Since the early years of my childhood were spent in St. Joseph, Jesse James loomed as a larger-than-life figure. After all, the small frame house where Jesse James was shot in the back was a local tourist attraction, and the story of the “dirty little coward that shot Mr. Howard and laid poor Jesse in his grave” remained popular. Eighty years after his death, Jesse was still regarded as something of a Robin Hood, a hero for the common man by most. When the Jesse James home was moved from the Belt Highway in St. Joe to the Patee House Museum, the house was returned to near its original location. On my first visit to the home, I entered through the back door in pursuit of some younger, boisterous cousins.

It was not yet re-opened to the public, and it seemed strangely like a house, not unlike many I’d visited, instead of a historical place. I retrieved my cousins and departed with apologies to the museum employee at work. The wall of the parlor, where the bullet passed through Jesse James’ head as he straightened a picture, had been gouged into a huge hole. Those seeking souvenirs had whittled it down over the many years until a glass was placed over it for protection. I recently saw that yet another attempt to prove that Jesse James survived the shooting in St. Joseph was under way. In Missouri, and throughout the country, numerous men claimed to have been the famous robber.

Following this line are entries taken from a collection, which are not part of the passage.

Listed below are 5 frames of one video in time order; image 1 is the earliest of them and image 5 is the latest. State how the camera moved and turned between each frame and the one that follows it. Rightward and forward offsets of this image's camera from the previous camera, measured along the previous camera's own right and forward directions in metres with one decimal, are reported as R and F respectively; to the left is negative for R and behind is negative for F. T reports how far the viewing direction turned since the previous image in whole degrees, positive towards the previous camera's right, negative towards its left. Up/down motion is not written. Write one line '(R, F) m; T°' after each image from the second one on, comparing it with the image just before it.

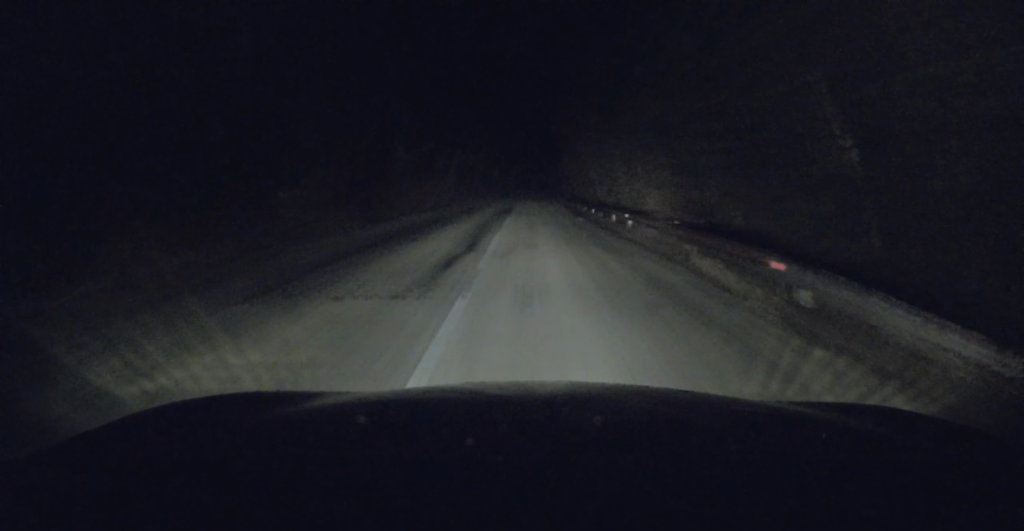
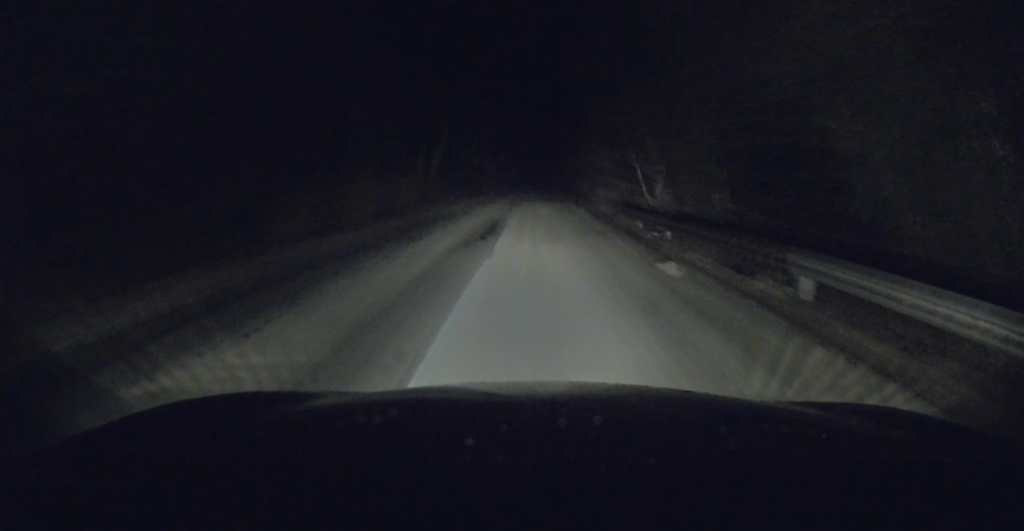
(-0.1, +15.7) m; -1°
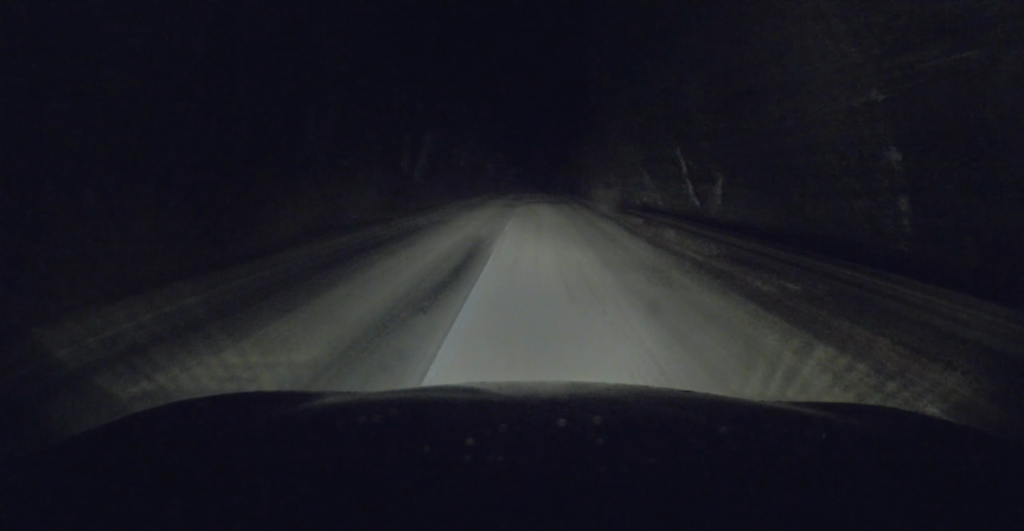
(0.0, +7.9) m; 0°
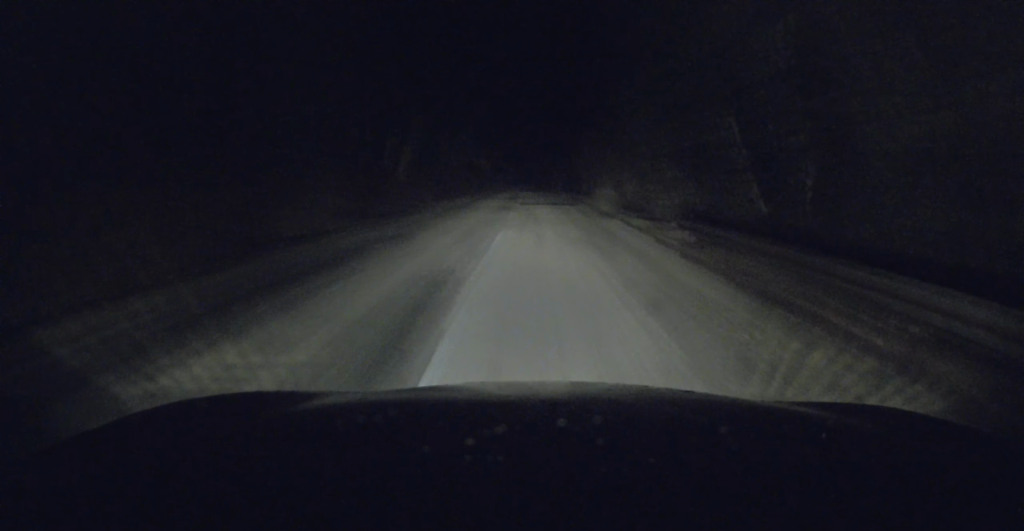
(0.0, +5.9) m; 0°
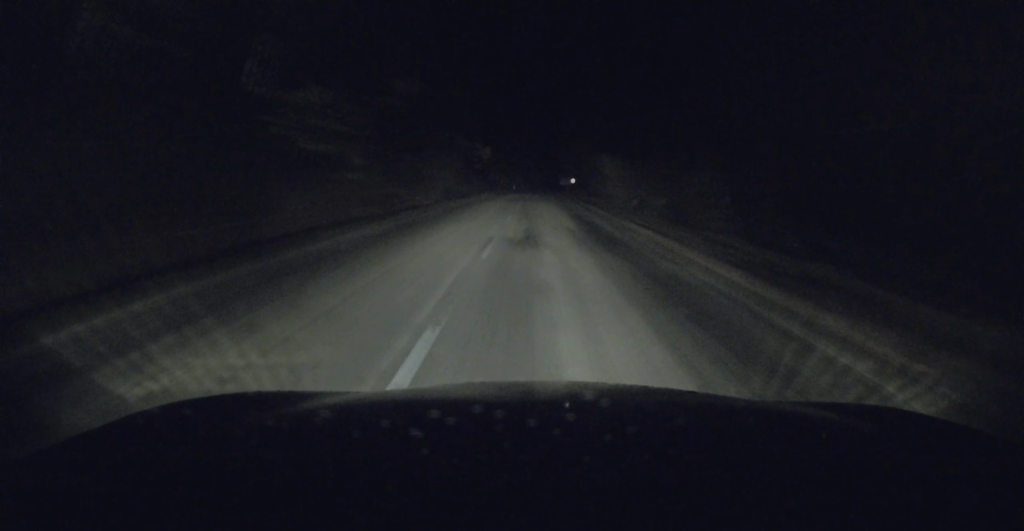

Even some historians seem to think Jesse James staged his own death in St. Joseph and escaped to live quietly for the rest of his years in another location. St. Joseph born and bred, I disagree. Mr. Howard, the alias used by James until his death, was well known in the community. After his death, he was recognized by many who were stunned to realize that the man they knew as Howard was actually one of the most notorious bank robbers of all time. Law enforcement officers gathered in St. Joseph to identify he body as James’. In my own family, stories have been handed down that make the identity of the dead man certain. Thomas Jefferson Lewis, my grandmother’s grandfather, was later sheriff of Buchanan County. On April 3, 1882, he was a law officer. He was one of many who were called to the simple frame house where the outlaw Jesse James lay dead. The story was one of several told to me by a great-uncle at a long-ago family reunion. Since Jesse James was known and because his face was featured on countless wanted posters, his identity was certain. In 1882, my great-grandfather Ben Hayward was living just blocks from the Howard home.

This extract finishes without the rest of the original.